シンよ、そういった反応をするからすみれに揶揄われてしまうのではないか?
他の長達も同様に思ったのか、サキと同じような呆れた表情をしている。
……いや、センだけはサキの腕の中でシンと同じような仏頂面――いや、こちらはむくれっ面といった方が正しそうだ。
「で、恭介。その信頼とやらを得るためにはどうすれば良いと思う?」
シンとすみれのそんな様子に少しだけため息をついたサキが、気を取り直したかのように俺に問う。
その問いに少しだけ思考し、口を開いた。
「実際に何らかの功績を上げるしかないかと。……例えば、二つの意見に分かれた際に一方のみを納得させるだけの案では無く、双方を納得させるだけの論理的な案を出せるとか……そういった才能に突出した者がいないのであれば最終的には実力が高い者になってしまうかもしれないが」
そこで少しの間を設け、サキから何かあるか伺う。
が、全くの不動であるため、更に続けた方が良いようだ。
「判断力であれ実力であれ何にせよ、下に付く者に己の命を預けられる、と思わせる事を提示しなければ同程度の実力者がいる際に、二分化などに陥ってしまう危険性があるだろう。そうなれば、守るべくして存在するはずの"長"という要因のせいで滅びかねないのではないか?」
不明確な部分を問いで終わらせ、サキにボールを投げた。
口を紡ぎサキが何を言うか待つ。
「……ふーん? じゃあ、本題からは外れるけど仮にそのような状況下に陥った際の対処法は何かある?」
「……それは、そういった事になった際のためにサキのような長達をまとめる存在がいるのではないか? 」
「私が言うであろうその内容を聞いているのよ」
「あぁ、そういうことか、すまない。
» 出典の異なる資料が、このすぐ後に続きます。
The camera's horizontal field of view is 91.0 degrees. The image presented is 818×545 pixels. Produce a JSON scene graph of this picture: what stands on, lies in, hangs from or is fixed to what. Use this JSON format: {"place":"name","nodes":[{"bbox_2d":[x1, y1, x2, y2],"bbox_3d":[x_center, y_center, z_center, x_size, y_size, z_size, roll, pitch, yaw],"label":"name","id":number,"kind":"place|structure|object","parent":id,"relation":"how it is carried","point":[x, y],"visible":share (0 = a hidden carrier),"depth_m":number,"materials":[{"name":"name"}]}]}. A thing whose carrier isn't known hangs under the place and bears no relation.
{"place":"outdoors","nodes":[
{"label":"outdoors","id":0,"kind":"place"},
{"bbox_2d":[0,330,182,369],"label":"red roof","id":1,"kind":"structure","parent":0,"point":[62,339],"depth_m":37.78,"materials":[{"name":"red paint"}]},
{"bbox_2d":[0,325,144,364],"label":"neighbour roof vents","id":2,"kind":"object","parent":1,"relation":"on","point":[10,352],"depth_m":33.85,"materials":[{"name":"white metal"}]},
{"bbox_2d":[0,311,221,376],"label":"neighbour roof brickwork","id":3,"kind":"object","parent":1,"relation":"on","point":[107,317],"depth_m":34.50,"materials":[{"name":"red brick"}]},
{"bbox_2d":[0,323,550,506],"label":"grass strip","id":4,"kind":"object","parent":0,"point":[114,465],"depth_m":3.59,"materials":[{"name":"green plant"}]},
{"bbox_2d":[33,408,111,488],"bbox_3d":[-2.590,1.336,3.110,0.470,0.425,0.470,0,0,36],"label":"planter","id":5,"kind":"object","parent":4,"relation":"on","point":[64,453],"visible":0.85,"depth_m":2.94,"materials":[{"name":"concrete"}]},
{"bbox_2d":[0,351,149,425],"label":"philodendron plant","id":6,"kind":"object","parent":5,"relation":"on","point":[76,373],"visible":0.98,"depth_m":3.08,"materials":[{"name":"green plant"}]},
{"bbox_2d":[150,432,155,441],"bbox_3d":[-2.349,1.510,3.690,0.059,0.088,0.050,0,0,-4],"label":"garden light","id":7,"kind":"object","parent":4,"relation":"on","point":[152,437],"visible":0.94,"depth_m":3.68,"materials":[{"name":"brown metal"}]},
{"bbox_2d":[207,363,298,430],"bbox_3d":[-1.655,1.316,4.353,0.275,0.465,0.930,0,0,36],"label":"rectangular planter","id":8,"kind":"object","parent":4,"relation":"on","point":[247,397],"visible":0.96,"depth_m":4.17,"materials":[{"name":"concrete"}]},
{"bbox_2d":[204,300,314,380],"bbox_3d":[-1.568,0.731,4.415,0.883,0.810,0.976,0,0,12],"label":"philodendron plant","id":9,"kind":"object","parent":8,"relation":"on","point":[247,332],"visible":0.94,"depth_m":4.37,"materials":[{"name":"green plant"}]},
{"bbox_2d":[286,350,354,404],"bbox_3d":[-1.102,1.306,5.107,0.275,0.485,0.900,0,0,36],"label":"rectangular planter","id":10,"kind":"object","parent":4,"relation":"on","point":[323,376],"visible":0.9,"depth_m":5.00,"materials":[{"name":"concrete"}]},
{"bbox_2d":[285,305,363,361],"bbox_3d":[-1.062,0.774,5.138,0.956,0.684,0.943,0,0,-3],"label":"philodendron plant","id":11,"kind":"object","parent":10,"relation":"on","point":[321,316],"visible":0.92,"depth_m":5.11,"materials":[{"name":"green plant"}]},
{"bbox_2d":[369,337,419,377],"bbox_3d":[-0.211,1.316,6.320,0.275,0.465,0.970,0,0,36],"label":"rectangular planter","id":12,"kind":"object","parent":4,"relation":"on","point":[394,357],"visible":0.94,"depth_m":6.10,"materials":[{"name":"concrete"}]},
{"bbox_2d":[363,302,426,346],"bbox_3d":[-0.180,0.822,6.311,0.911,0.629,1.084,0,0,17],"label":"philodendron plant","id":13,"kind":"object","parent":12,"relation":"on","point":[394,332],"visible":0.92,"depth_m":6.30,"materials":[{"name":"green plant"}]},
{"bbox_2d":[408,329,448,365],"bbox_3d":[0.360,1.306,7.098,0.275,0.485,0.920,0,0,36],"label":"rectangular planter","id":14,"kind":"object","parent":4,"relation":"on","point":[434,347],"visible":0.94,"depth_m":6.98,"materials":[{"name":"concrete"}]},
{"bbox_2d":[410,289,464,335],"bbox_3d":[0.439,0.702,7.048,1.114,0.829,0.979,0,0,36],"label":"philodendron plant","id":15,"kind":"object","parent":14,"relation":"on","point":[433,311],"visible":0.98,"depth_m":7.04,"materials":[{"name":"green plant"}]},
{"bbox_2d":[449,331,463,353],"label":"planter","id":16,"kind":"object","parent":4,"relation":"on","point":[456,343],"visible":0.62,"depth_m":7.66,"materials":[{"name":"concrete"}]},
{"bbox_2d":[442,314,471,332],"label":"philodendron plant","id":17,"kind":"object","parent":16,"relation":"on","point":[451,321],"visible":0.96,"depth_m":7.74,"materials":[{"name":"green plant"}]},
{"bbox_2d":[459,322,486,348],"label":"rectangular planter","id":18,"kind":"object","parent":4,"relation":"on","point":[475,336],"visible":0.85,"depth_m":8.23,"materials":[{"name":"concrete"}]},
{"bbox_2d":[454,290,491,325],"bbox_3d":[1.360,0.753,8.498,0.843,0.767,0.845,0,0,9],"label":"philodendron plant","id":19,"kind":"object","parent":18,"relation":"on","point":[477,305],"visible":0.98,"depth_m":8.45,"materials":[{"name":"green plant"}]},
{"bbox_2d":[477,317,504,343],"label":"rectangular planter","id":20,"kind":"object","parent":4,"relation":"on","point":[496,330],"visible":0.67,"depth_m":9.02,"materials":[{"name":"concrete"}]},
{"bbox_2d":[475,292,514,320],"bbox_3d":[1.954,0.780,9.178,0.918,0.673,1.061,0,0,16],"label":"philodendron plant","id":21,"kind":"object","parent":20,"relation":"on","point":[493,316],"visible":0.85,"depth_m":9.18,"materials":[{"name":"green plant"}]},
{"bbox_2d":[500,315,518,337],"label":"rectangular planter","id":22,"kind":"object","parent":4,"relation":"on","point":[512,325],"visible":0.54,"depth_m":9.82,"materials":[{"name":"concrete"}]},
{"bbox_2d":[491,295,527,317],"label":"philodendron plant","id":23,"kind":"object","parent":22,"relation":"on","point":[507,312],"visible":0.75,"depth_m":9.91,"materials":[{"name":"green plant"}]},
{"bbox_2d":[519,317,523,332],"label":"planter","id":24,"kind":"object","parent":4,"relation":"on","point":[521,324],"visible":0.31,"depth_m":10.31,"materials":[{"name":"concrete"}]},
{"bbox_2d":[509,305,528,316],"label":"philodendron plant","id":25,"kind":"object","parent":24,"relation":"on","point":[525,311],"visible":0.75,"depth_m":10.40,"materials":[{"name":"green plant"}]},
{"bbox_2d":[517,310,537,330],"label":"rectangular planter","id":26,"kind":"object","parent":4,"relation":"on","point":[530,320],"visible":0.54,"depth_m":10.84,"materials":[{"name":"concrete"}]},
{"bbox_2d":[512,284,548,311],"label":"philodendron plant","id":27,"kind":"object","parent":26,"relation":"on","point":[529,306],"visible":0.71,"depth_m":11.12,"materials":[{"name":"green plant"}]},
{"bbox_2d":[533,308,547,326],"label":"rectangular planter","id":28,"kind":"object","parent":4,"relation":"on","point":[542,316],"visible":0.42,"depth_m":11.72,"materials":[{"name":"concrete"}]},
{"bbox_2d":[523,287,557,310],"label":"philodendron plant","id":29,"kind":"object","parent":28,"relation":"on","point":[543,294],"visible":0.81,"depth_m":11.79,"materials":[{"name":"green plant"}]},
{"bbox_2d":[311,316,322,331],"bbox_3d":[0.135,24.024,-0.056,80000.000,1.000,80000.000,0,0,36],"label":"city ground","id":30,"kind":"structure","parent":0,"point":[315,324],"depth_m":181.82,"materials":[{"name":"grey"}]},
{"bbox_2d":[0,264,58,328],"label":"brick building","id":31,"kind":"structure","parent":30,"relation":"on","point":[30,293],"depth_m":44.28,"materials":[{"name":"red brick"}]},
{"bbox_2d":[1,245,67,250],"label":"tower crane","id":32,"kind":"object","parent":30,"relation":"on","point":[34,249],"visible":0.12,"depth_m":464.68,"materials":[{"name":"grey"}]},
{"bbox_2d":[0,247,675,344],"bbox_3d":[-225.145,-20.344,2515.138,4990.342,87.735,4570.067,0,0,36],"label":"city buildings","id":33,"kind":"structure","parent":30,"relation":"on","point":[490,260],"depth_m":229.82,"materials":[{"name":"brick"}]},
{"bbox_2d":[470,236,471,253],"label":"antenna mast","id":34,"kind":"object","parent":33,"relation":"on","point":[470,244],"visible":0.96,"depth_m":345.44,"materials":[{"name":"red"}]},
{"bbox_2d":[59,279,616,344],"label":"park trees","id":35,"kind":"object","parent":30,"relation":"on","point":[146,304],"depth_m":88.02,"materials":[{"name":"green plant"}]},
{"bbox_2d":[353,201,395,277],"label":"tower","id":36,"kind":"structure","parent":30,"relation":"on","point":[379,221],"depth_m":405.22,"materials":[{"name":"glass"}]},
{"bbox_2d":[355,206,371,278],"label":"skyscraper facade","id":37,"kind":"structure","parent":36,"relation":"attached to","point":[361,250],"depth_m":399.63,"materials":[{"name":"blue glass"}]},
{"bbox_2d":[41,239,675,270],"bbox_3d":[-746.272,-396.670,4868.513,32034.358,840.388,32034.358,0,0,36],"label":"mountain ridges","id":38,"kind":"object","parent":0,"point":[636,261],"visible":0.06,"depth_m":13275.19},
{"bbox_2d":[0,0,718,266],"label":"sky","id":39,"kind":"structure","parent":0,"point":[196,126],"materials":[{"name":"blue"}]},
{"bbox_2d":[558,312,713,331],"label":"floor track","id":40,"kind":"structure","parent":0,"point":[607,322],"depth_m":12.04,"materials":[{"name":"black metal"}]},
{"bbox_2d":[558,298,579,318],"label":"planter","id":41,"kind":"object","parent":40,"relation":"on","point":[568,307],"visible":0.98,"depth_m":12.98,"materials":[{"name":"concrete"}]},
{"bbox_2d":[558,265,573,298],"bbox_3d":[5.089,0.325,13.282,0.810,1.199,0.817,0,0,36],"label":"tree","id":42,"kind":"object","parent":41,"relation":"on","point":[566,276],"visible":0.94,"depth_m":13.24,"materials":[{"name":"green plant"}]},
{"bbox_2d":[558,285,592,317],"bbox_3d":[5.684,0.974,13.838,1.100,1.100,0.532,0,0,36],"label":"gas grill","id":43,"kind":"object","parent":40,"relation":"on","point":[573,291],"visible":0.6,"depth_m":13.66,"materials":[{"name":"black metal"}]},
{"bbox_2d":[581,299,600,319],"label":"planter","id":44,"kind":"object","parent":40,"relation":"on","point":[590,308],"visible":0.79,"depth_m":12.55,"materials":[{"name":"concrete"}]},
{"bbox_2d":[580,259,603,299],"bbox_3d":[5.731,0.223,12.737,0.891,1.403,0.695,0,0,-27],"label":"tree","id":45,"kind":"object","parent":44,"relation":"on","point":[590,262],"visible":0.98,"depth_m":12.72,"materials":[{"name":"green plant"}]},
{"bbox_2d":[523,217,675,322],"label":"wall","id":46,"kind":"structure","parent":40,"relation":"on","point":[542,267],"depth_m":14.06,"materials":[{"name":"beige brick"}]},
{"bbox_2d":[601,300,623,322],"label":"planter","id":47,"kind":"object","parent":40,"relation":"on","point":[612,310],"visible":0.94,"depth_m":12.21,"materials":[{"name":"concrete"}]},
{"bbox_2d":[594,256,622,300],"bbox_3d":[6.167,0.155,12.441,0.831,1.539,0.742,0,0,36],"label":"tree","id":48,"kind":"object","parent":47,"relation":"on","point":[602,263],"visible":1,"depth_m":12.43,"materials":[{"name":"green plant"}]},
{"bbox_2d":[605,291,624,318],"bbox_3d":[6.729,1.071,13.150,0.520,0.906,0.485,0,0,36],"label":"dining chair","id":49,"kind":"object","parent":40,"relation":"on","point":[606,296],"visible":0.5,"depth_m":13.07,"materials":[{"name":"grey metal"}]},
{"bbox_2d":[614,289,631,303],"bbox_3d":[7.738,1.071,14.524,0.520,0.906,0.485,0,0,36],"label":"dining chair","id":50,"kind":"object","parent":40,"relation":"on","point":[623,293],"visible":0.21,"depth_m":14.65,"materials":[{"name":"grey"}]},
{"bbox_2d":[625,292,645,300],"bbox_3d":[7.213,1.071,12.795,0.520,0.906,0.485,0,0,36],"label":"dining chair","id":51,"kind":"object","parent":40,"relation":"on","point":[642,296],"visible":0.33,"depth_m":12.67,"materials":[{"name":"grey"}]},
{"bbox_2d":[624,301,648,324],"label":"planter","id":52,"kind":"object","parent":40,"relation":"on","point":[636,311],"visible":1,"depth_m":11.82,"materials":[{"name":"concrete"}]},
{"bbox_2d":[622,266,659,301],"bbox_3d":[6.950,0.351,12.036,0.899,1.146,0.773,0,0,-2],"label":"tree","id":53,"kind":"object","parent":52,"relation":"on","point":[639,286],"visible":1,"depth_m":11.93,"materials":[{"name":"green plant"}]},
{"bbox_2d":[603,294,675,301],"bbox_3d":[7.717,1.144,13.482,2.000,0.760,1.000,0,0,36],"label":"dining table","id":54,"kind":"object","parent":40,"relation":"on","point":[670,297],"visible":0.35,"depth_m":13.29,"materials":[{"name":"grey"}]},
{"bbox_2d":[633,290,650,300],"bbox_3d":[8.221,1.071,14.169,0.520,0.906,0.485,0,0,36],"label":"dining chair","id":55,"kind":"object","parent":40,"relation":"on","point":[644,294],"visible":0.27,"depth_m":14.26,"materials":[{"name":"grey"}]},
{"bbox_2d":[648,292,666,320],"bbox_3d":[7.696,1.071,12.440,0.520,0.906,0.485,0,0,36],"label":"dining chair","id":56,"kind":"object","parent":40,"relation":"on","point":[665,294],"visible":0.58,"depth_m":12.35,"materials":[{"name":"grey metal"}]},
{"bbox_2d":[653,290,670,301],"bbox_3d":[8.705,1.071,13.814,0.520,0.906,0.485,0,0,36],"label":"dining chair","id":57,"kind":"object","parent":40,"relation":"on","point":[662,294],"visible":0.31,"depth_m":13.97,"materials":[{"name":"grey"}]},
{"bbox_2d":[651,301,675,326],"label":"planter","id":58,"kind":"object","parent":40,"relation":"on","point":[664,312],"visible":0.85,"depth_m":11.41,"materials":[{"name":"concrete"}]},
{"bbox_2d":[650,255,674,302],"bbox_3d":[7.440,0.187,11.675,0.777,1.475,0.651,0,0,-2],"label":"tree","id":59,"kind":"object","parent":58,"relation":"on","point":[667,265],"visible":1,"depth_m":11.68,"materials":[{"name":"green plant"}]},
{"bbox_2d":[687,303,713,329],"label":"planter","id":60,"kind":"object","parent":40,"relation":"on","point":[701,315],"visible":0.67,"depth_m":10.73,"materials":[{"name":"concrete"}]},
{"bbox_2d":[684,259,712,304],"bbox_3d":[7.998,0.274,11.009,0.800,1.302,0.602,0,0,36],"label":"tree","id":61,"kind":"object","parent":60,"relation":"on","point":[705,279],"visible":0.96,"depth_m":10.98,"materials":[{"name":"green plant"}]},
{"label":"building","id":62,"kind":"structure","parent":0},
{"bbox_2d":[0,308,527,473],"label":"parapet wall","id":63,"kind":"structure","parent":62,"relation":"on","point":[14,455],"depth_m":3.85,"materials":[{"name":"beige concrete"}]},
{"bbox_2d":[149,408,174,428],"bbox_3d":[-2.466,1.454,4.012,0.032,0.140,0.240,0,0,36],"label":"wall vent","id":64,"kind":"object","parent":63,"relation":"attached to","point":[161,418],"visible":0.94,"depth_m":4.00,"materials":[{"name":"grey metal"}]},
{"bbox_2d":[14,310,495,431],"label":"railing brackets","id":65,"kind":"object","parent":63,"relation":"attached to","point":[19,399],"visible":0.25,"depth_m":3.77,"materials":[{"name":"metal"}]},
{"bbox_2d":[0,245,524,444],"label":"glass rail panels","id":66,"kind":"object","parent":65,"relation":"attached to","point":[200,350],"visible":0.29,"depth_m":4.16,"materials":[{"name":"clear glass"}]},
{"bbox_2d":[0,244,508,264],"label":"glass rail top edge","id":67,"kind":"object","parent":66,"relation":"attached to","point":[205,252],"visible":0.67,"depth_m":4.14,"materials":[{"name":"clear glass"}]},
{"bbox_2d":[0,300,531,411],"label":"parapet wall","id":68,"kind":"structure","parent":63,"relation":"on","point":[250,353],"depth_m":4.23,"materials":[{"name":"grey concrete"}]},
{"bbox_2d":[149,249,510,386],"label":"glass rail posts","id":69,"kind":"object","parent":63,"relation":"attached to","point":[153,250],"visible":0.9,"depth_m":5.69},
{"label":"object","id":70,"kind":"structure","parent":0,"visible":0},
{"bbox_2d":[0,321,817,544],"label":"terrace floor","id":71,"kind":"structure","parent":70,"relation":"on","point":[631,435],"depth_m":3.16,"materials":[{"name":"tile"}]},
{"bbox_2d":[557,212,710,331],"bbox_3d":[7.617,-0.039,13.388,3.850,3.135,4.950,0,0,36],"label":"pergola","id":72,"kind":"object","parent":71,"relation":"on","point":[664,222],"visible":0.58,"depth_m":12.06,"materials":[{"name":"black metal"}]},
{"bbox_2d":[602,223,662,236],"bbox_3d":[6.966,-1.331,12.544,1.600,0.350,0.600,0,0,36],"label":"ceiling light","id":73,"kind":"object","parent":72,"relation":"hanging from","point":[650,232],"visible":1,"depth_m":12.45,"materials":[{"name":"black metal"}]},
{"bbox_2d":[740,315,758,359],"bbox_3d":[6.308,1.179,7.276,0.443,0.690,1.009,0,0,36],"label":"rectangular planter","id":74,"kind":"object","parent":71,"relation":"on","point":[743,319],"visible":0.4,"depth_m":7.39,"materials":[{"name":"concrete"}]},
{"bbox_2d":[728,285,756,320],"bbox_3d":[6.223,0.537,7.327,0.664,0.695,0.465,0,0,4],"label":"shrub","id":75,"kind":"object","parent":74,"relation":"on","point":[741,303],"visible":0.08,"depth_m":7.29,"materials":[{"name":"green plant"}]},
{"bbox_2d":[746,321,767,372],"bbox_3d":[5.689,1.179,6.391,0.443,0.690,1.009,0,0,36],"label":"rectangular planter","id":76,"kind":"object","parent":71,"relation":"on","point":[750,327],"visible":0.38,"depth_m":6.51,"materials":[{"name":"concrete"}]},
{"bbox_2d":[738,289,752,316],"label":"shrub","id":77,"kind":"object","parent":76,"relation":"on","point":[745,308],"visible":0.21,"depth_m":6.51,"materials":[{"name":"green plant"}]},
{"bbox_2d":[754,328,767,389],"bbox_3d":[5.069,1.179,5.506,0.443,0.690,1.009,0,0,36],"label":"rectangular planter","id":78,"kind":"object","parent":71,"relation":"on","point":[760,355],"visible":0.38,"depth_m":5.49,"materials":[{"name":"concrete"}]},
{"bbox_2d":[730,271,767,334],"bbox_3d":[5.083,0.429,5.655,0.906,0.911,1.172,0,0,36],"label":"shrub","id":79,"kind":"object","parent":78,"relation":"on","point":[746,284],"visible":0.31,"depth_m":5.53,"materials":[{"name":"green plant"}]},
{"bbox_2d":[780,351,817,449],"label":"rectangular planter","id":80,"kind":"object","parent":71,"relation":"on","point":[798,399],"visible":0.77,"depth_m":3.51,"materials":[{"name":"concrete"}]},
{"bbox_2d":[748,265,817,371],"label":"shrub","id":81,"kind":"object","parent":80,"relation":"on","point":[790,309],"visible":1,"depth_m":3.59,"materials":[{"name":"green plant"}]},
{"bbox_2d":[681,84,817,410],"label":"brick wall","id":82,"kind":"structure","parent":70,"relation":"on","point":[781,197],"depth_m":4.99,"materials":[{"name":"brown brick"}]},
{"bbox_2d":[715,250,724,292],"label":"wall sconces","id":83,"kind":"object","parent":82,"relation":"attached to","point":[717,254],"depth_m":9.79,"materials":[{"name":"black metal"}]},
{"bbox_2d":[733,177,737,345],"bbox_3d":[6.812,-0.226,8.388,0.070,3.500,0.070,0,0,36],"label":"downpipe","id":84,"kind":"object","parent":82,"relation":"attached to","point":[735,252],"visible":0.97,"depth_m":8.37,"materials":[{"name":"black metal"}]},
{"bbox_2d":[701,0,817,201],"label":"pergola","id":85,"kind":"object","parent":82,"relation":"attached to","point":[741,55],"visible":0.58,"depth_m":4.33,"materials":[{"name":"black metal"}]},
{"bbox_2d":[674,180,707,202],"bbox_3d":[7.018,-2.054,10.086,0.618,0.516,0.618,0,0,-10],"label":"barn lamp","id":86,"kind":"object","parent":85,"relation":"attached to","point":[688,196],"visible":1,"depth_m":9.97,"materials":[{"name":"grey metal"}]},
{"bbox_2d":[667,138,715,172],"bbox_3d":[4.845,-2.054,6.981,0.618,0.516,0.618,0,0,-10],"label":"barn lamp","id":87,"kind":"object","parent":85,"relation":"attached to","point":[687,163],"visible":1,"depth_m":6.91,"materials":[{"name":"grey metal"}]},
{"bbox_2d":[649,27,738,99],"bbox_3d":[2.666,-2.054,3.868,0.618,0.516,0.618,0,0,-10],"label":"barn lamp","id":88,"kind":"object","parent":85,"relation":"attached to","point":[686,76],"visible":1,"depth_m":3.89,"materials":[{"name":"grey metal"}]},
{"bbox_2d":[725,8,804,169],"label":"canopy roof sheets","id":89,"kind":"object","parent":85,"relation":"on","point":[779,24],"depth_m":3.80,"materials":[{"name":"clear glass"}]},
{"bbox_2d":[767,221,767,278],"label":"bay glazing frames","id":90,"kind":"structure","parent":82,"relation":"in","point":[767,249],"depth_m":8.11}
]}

…………そうだなぁ……早計な考えかもしれないが、無理に鎮めるのではなくいっその事二つに割ってしまう、とかどうだろう? どちらが長に相応しいか、という名目でその種族の繁栄度合いを競わせれば個々ではあれだが種族全体を考えると不利益にはなるまい。……まぁ、その二つを一つにまとめることは容易では無くなってしまうし、犬神のような敵対勢力と対峙する際の団結力の低下など、不利益な事はありそうだが……長い目で見れば、一つの勢力だったものがより成長した二つの勢力になるという可能性も出来るし、仲が悪くても共通の敵がいれば不利益になる事も少なくなると考えられる。不仲の仲介するよりも割った方が管理する側も楽だろ?」
「ふーん?」
そう言いながらサキは少し目を細めた。
それは単に俺への評価を見定めたのかもしれない。
だが、スーッと細くなっていく目は見下すかのような、嘲笑うかのような、冷たい表情になっていったように見えてしまった。
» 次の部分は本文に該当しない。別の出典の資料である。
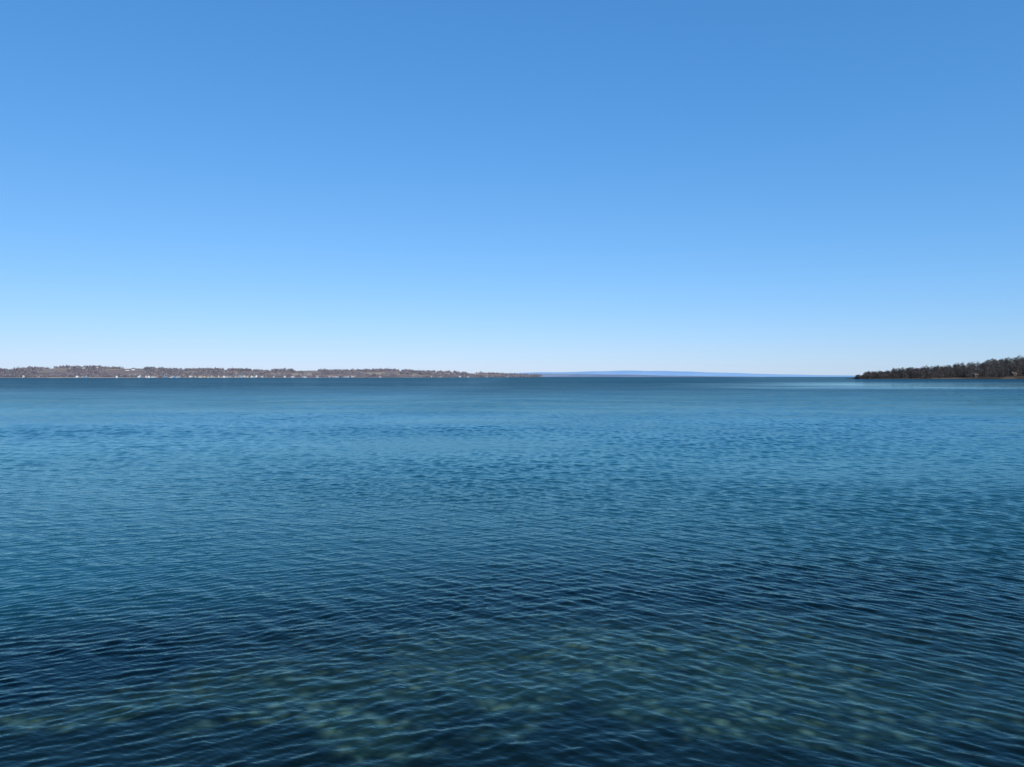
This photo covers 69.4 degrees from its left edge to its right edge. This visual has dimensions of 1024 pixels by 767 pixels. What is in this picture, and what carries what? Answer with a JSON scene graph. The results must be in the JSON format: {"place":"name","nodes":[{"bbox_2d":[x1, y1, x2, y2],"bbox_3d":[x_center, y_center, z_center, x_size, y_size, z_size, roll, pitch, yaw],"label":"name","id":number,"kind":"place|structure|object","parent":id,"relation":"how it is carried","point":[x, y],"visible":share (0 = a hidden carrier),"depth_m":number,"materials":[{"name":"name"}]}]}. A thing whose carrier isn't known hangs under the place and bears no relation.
{"place":"outdoors","nodes":[
{"label":"outdoors","id":0,"kind":"place"},
{"bbox_2d":[0,368,500,377],"bbox_3d":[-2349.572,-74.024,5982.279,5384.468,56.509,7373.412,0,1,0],"label":"shore hillside","id":1,"kind":"structure","parent":0,"point":[136,371],"depth_m":3737.40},
{"bbox_2d":[0,365,541,377],"bbox_3d":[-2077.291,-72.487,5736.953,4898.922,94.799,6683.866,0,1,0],"label":"distant woodland","id":2,"kind":"object","parent":1,"relation":"on","point":[17,371],"visible":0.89,"depth_m":3894.17,"materials":[{"name":"grey plant"}]},
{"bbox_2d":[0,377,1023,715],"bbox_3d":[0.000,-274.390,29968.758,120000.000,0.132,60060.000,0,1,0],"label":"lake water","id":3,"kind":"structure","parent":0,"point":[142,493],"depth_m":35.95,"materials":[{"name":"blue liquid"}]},
{"bbox_2d":[0,479,1023,766],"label":"lake bed","id":4,"kind":"object","parent":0,"point":[534,665],"visible":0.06,"depth_m":18.08,"materials":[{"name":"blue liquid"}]},
{"bbox_2d":[0,0,1023,374],"label":"sky","id":5,"kind":"structure","parent":0,"point":[795,187],"materials":[{"name":"blue"}]},
{"bbox_2d":[519,374,744,376],"bbox_3d":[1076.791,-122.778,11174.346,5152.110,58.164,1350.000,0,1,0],"label":"distant shore","id":6,"kind":"structure","parent":0,"point":[574,375],"depth_m":10760.95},
{"bbox_2d":[499,371,855,376],"bbox_3d":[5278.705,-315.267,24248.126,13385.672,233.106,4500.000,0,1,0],"label":"distant hills","id":7,"kind":"structure","parent":0,"point":[674,373],"depth_m":23151.10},
{"bbox_2d":[847,364,1023,378],"bbox_3d":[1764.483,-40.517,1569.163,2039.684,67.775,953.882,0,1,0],"label":"wooded headland","id":8,"kind":"structure","parent":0,"point":[995,377],"depth_m":1524.84,"materials":[{"name":"plant"}]},
{"bbox_2d":[854,372,1023,378],"bbox_3d":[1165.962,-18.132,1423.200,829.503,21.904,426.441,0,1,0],"label":"shoreline bushes","id":9,"kind":"object","parent":8,"relation":"on","point":[991,375],"visible":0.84,"depth_m":1548.28,"materials":[{"name":"plant"}]},
{"bbox_2d":[855,355,1023,378],"bbox_3d":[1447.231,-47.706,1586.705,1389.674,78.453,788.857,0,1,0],"label":"headland woodland","id":10,"kind":"object","parent":8,"relation":"on","point":[946,371],"visible":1,"depth_m":1600.59,"materials":[{"name":"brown plant"}]}
]}

どのように判断されるのか、そんな不安を抱いてしまっているためネガティブな捉え方をしてしまったのかもしれない。
……実際に嘲笑われているのかもしれない。
少しも変化の無い表情ではどう見られているのか全く判断が出来ず……やはり心配は増すばかりだ。
「んにゃーお」
そんな俺の心情を読み取ったのか、隣で静かにしていたクロが鳴いた。
心配するな、とでも言っているかのようだ。
ゆっくりと瞬きをするあたり、あながち間違ってはいないだろう。
「それじゃあ、次の質問。長となりうる素質があると判断されたクロにどんな事をする予定?」
クロにどんな教育をするか。
その答えの前に、俺は以前にも伝えた言葉を言おうとした。
「その前に――」
「おやぁ~?」
だが、その言葉は突然真後ろから聞こえた声によって止めざるを得なかった。